▶ **Records shown**:

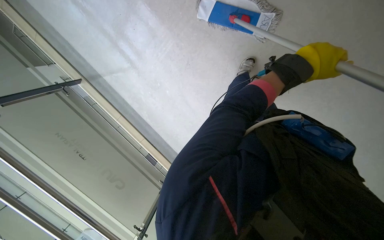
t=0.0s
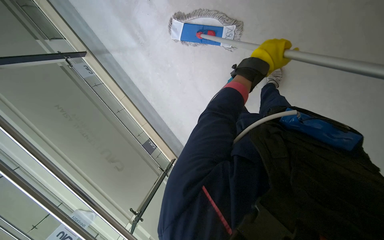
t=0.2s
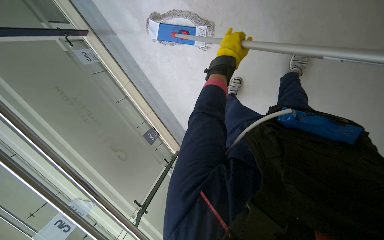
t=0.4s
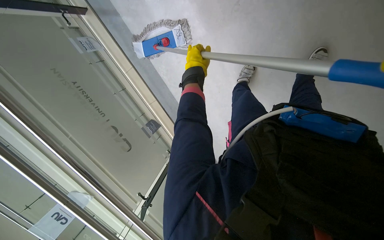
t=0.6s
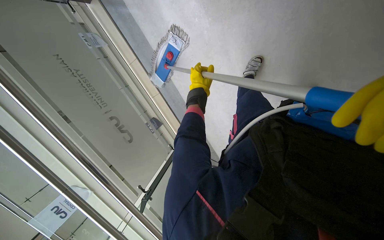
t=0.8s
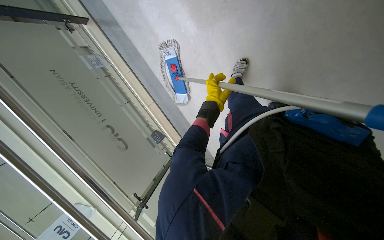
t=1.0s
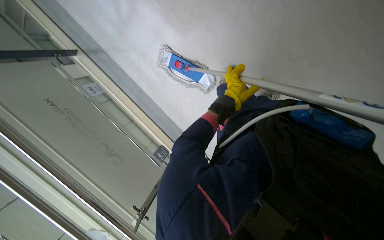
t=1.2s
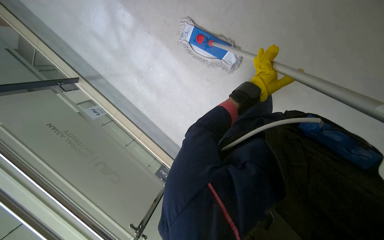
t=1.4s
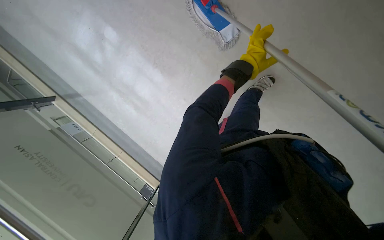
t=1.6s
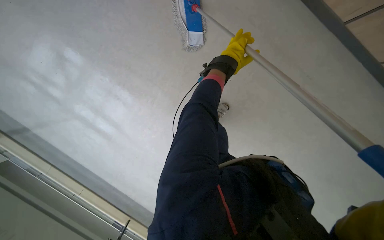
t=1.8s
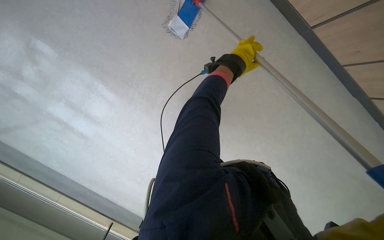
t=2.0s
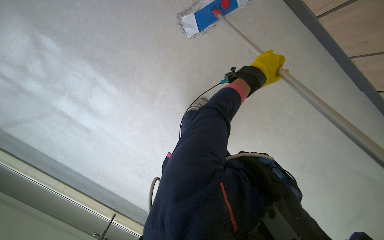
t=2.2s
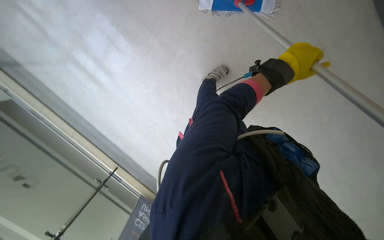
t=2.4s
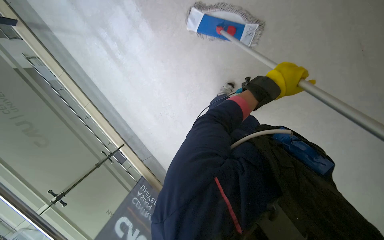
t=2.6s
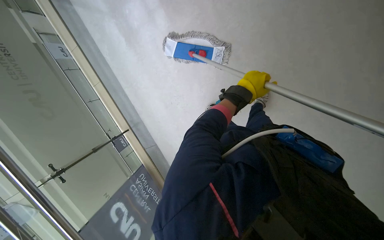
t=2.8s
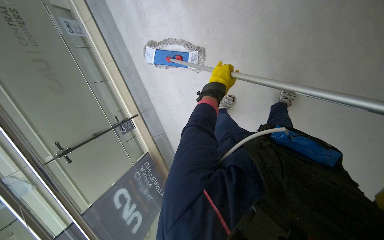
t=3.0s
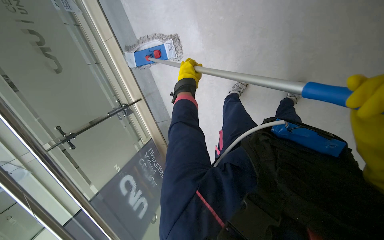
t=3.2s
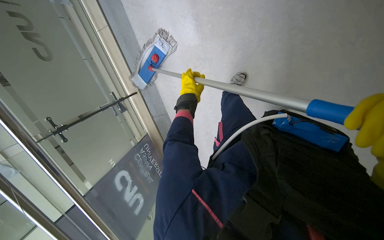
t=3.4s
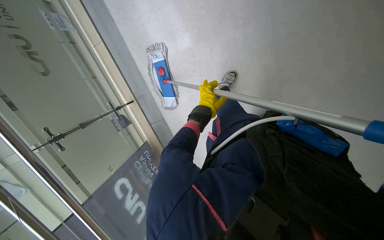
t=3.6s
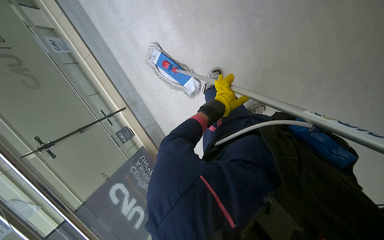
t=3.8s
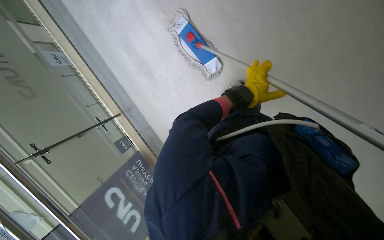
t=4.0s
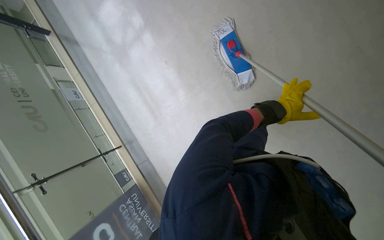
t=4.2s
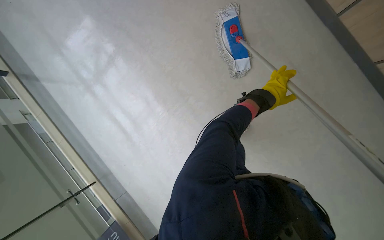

▶ **Your instructions**:
When you transcribe the entries, reproduce each line exactly and skip any picture.

▶ **Output for this exercise**:
t=0.0s
t=0.2s
t=0.4s
t=0.6s
t=0.8s
t=1.0s
t=1.2s
t=1.4s
t=1.6s
t=1.8s
t=2.0s
t=2.2s
t=2.4s
t=2.6s
t=2.8s
t=3.0s
t=3.2s
t=3.4s
t=3.6s
t=3.8s
t=4.0s
t=4.2s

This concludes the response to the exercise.